(?)human colors
Me.
I think there are intricate details to mundane aspects of the world. Like waiting in line. Do you ever look at the people in front of you in the cue? What about the people behind you? Sometimes there aren't people behind you, sometimes there aren't people in front of you. The conveniency of such a thing relies on a lot of different things, whether its to the convenience of you or the others around you.
I like to watch the poise of others in public. The way they stand and look at others, the way that they look at me. Whenever I need to interact with someone, I watch them beforehand if its possible. I like to see the difference between how they hold themselves before me and during me. I like to think of how they think of me.
The difference has always been noticable. I'm not alike to that many people, obviously people don't treat me like I am one of them. There are a lot of different reasons, but I feel I will never know them all. One of them is my appearence. I'm much bigger than most people, in height and weight, although I don't feel it.
I was small when I was a child. Obviously, we all were, but I was littler than other kids. I was short and thin. I didn't eat much. I don't know how I grew to be so big. I still feel barely 5 feet tall despite being 6 and a half feet.
I have a strange body. When I was born, the doctor who delivered me marked M on my birth certificate because I had a penis, but I also had a vaginal opening. I have ovotesticular syndrome.
For some people who have it, they have one type of genitalia on the outside and one set on the inside-- for example, they could have a vulva and a vagina between their legs but testicular tissue along with their ovarian tissue on the inside. Sometimes its the other way around, on the outside they have a penis but they have ovarian tissue along with their testicular tissue. For me, I have inbetween a penis and a vagina on the outside too.
Growing up, I was a boy for the most part, I was raised to be one but sometimes people couldn't really tell. I had a boys name and dressed like one but I looked pretty androgyneous, I still do. I have visible male and female traits. A little bit of facial hair, kind of full eyebrows, but also slight breasts and soft features. I don't have much hair on my body besides whiskers of a mustache and sideburns, I wish I had more.
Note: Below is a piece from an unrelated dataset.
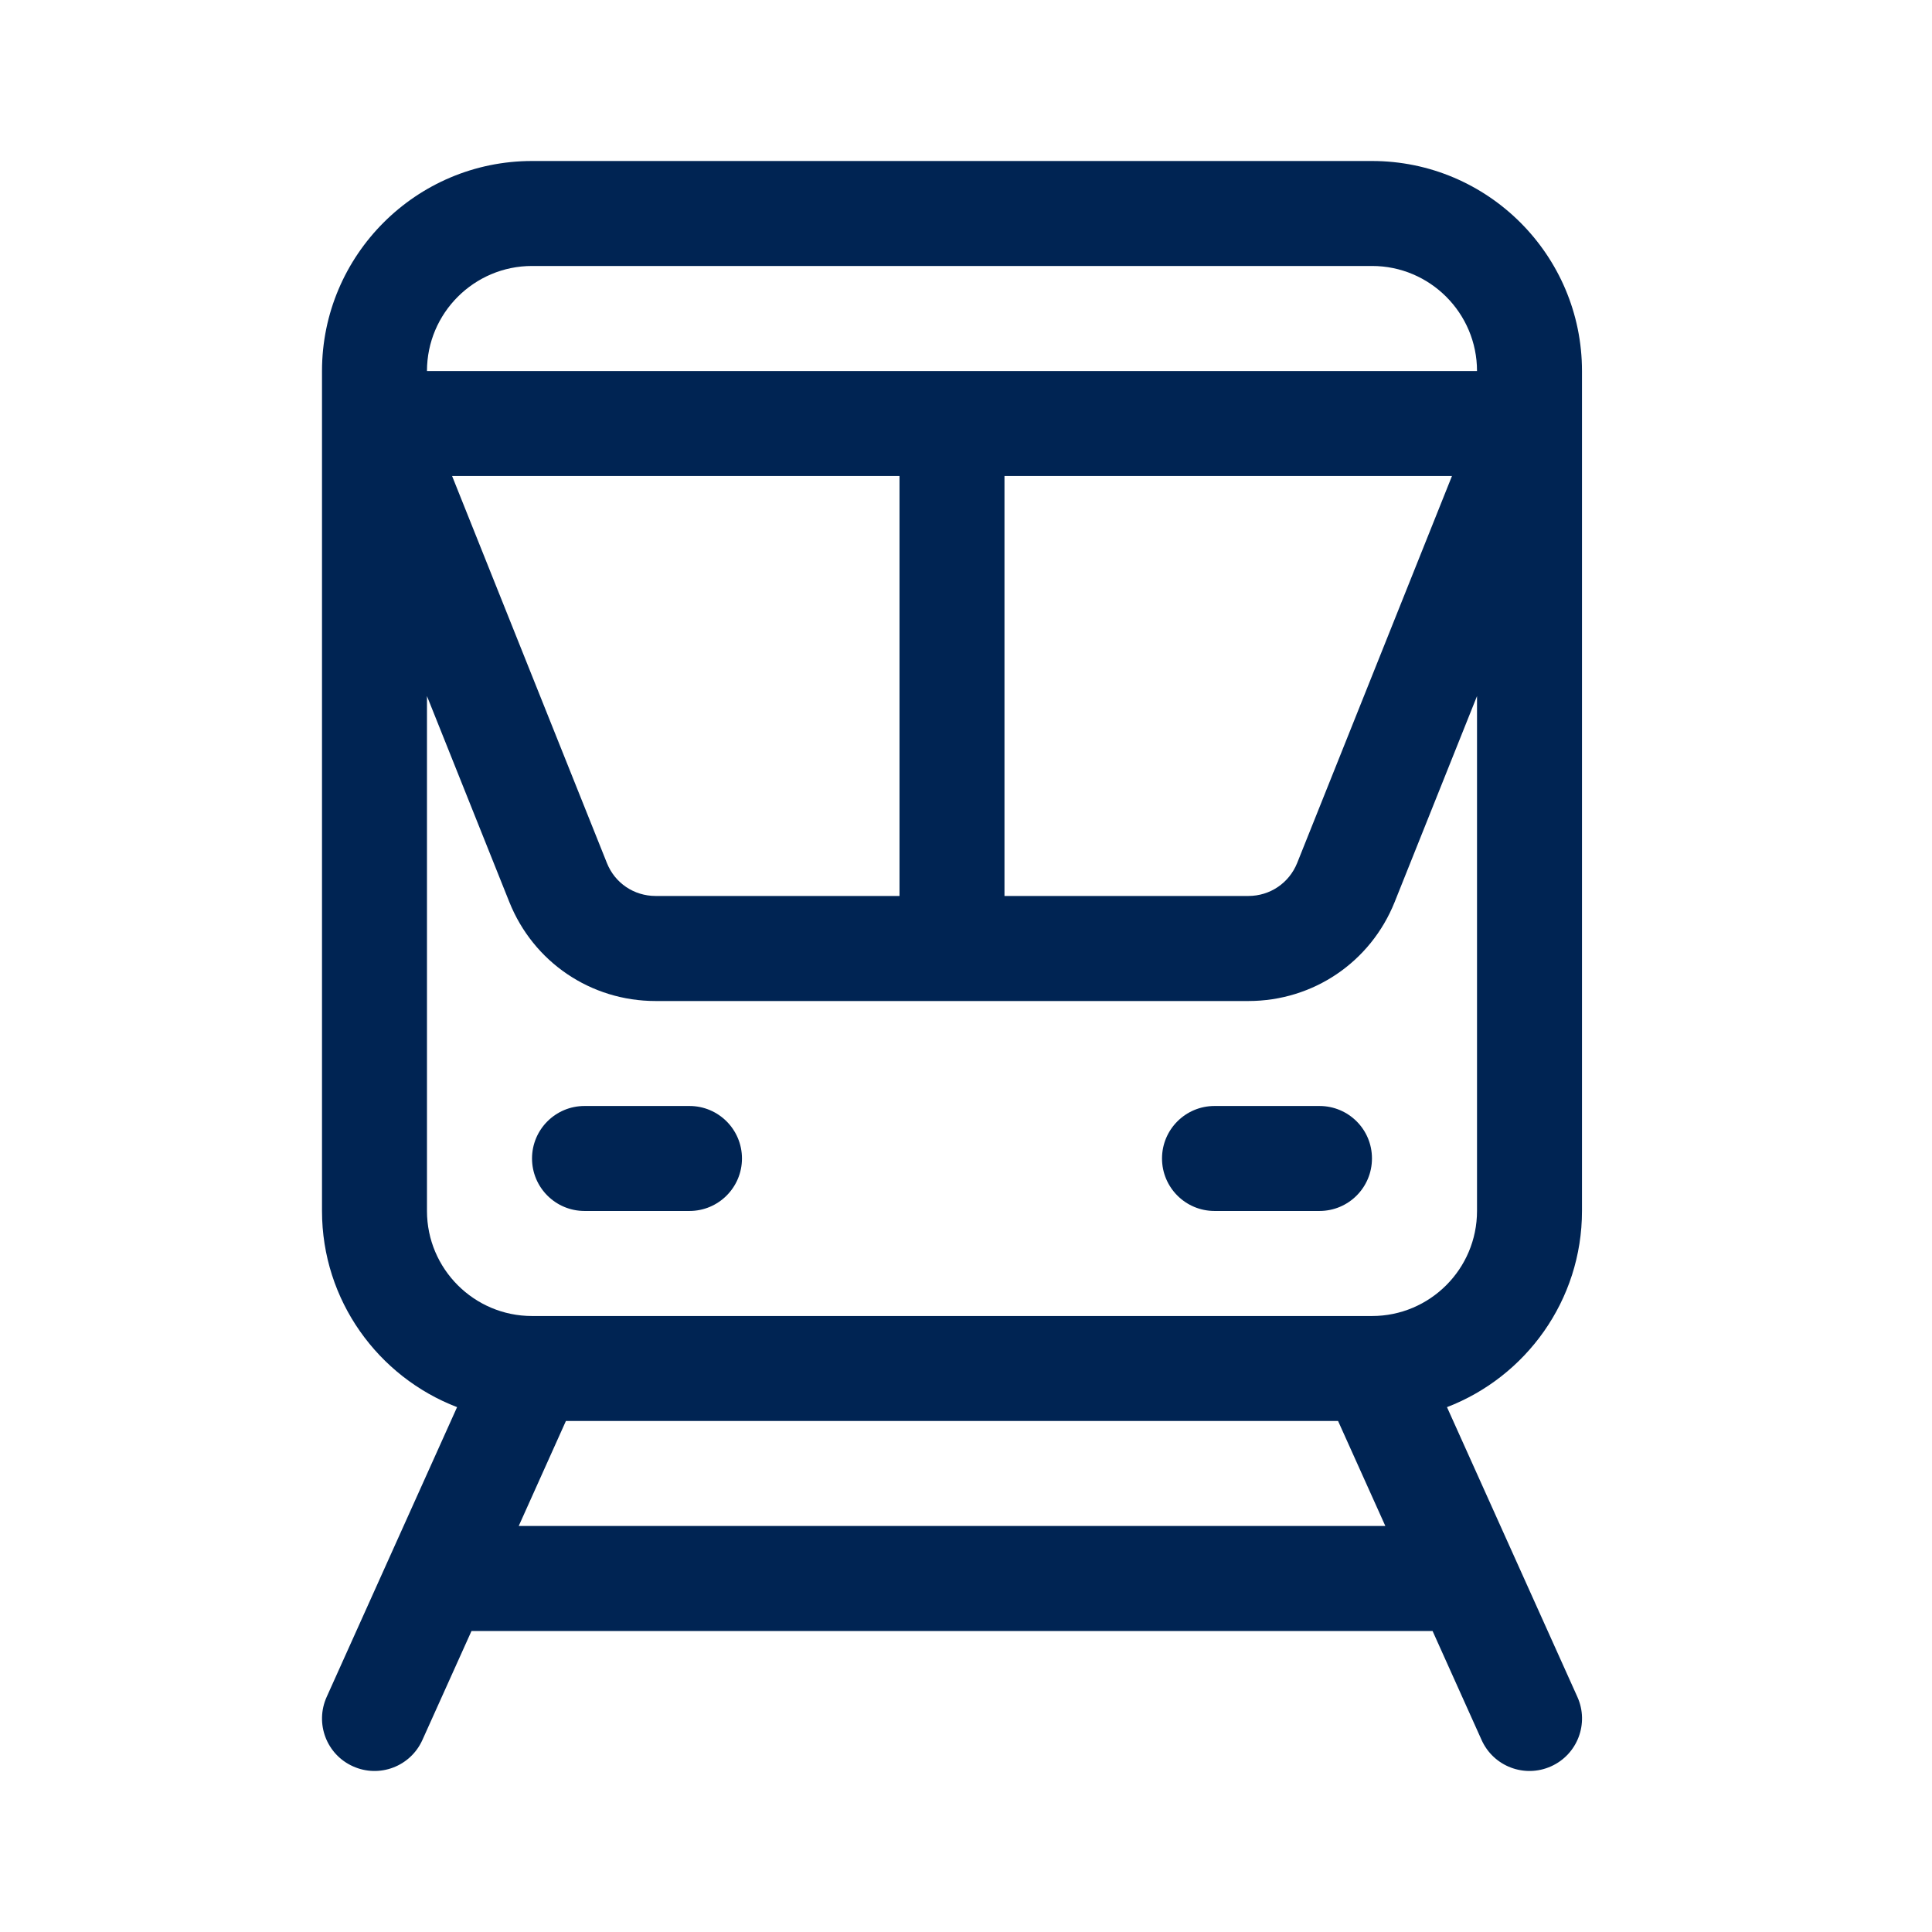 <?xml version="1.0" encoding="UTF-8"?> <svg xmlns="http://www.w3.org/2000/svg" width="24" height="24" viewBox="0 0 24 24" fill="none"><path d="M19.595 21.08C19.595 21.08 17.975 17.48 17.975 17.48C18.954 17.104 19.652 16.154 19.652 15.043V4.609C19.652 3.17 18.482 2 17.044 2H6.609C5.17 2 4 3.17 4 4.609V15.043C4 16.154 4.698 17.104 5.678 17.48L4.058 21.08C3.91 21.409 4.056 21.795 4.385 21.942C4.713 22.09 5.099 21.944 5.247 21.615L5.857 20.261H17.796L18.405 21.615C18.553 21.944 18.939 22.09 19.268 21.942C19.596 21.795 19.743 21.409 19.595 21.08ZM6.609 3.304H17.044C17.763 3.304 18.348 3.889 18.348 4.609H5.304C5.304 3.889 5.89 3.304 6.609 3.304ZM18.037 5.913L16.114 10.72C16.014 10.969 15.777 11.13 15.508 11.13H12.478V5.913H18.037ZM11.174 5.913V11.13H8.144C7.876 11.13 7.638 10.97 7.539 10.72L5.616 5.913H11.174ZM6.444 18.956L7.03 17.652H16.622L17.209 18.956H6.444ZM17.044 16.348H17.029C17.029 16.348 17.029 16.348 17.028 16.348H6.624C6.624 16.348 6.623 16.348 6.622 16.348H6.609C5.89 16.348 5.304 15.763 5.304 15.043V8.647L6.327 11.205C6.626 11.952 7.339 12.435 8.144 12.435H15.508C16.313 12.435 17.026 11.952 17.325 11.205L18.348 8.647V15.043H18.348C18.348 15.763 17.763 16.348 17.044 16.348Z" fill="#002453"></path><path d="M16.391 13.739H15.087C14.727 13.739 14.435 14.031 14.435 14.391C14.435 14.751 14.727 15.043 15.087 15.043H16.391C16.752 15.043 17.043 14.751 17.043 14.391C17.044 14.031 16.752 13.739 16.391 13.739Z" fill="#002453"></path><path d="M8.565 13.739H7.261C6.901 13.739 6.609 14.031 6.609 14.391C6.609 14.751 6.901 15.043 7.261 15.043H8.565C8.925 15.043 9.217 14.751 9.217 14.391C9.217 14.031 8.925 13.739 8.565 13.739Z" fill="#002453"></path></svg>

I dress more masculinely and have kept my male name, but I don't feel that much of a desire to be either. Most people refer to me as a he or a sir or a mister, and I'm fine with being refered to as a she or a miss. Male and female and gender as a whole never really mattered to me, I've never seen myself as male or female, along with other people. I don't think of my father as a male, I think of my father as my father, as goes with others.
Masculinity and femininity never made sense to me either, I never found fixing trucks to be masculine or sewing to be feminine. Same with clothes, ways of moving or speaking, anything at all. I only consider myself to dress and present masculinely because thats what I've been told.
Obviously, this made growing a little weird for me. I still look quite young and soft depsite having hit puberty earlier than my friends growing up. I grew to be quite tall in about 8th or 9th grade, I was 5'10 or 178 centimeters tall when I was about 13 and I started menstruating a bit after turning 9. My periods have always been incredibly painful, theyre still difficult to manage. Even as an adult, I sweat a lot and get bad acne like a kid. My voice used to crack quite frequently until I was around 20, it still does.
Obviously it affected how I grew as a whole, like the rest of my body. I have strange proportions, a long torso with short arms and legs with small hands and feet.
I feel undeveloped. I feel younger than people my age. It's embarrassing to talk to anyone. I don't even feel like a person when I talk to people older than me. I can't remember the last time I was considered to be one by myself or others, I don't think I ever was one.
I still feel afraid of most people. Anyone can overpower me, anyone can hurt me. Anyone can do anything they want to. I don't think I'd be able to fight back. I freeze when I'm scared or I flip on my back, but thats a habit I'm kind of past. As a kid, when I was startled, I'd jump and fall.